After doing our roof over in metal we decided that the cedar shingles looked kind of crappy with several of them curling so we are going with vinyl siding.

Since three of the four walls of the house are only 2 x 4 construction we also are adding foam panels for some additional insulation -- 3/4 inch to be precise.

The contractor plans to strip off the shingles, nail up the foam panels and then put on the siding . . .

Quick question . . . Should the contractor apply Typar or tar paper between the plywood and foam panels . . . or would putting up the foam panels and taping the seams work instead?


----------



## fossil (Jun 18, 2013)

Dunno the answer to that, but I would surely hope your contractor would.  I had vinyl siding installed during a big addition/remodel on our house in Virginia, and I never was particularly happy with it, for a number of reasons.  (BTW -  If you go that way, be really careful not to park a still-hot grill close to the wall after the steaks are done...vinyl melts into some really interesting shapes. )   My house & garage building out here in Bend are clad with fiber cement siding (commonly called Hardie board, but Hardie is just one of a few manufacturers).  Fire-resistant, dimensionally stable, paintable, and I think much more attractive than vinyl.  Rick


----------



## SIERRADMAX (Jun 18, 2013)

no need for housewrap. Tape each seam and caulk outer edges for moisture & insect protection.


----------



## Hearth Mistress (Jun 18, 2013)

I'm not sure if there was a particular reason, but our house is STILL being repaired from Sandy and our siding wasreplaced - asbestos siding taken off, tar paper applied to plywood then hardi-plank siding put on top. Not sure if the different material for the siding makes a difference (vinyl vs cement board) but I had a tar paper shack for a while until all of the siding was replaced.


----------



## Hogwildz (Jun 18, 2013)

Don't let them install foil faced siding on sun exposed sides of the house. It will warp the siding from behind. House wrap won't hurt over top the foam. Tape works, but will come loose as the adhesive dries out over time.


----------



## begreen (Jun 19, 2013)

You might want to ask a realtor about what the vinyl siding will do to the home value. I know it kept us away from looking at some houses.


----------



## BrotherBart (Jun 19, 2013)

Our house is brick front with miles of vinyl siding on the rest. Stuff is 28 years old and looks good and is going strong. Roofers asked me about siding and I asked them to show me why. They grinned and said they couldn't.


----------



## fossil (Jun 19, 2013)

BrotherBart said:


> Our house if brick front with miles of vinyl siding on the rest...


 
Yup, that was my split-foyer in Fairfax, as well.


----------



## BrotherBart (Jun 19, 2013)

fossil said:


> Yup, that was my split-foyer in Fairfax, as well.


 

Well, there is that one corner on the back of the garage. Darn stuff should be made anticipating me not watching behind me when I was pulling the big trailer around back instead of the usual small one.  Obvious manufacturing defect.

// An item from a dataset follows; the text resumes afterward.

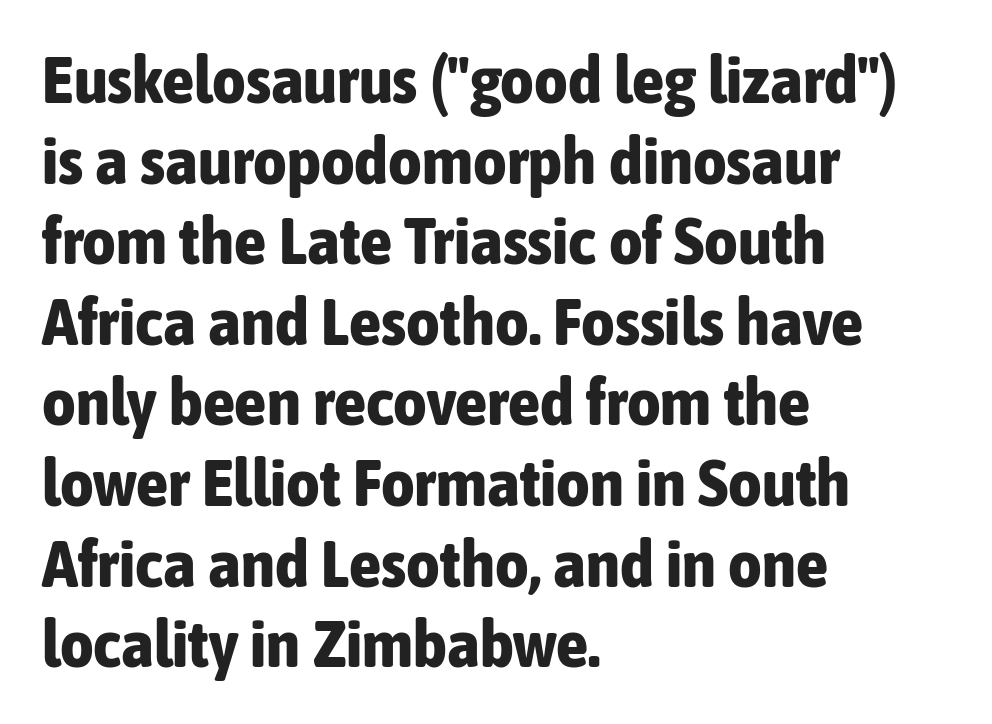
The image shows 65 px bold, condensed sans-serif type, upright; set left-aligned, line spacing 1.24x, normal letter spacing, not underlined; low stroke contrast and a medium x-height.

ETA: This place was under roof and sided but not finished in April of 1985. We left work just as a monster hail storm hit. Just three days before I had commented that Fairfax obviously didn't get hail storms since everybody had aluminum siding. 

I hauled it straight for the building site the minute it stopped pounding the car. Not one shingle out of place and the siding was primo. The first time a roofer was on that roof was last Saturday when I had it replaced. Two years early according to the roofers. 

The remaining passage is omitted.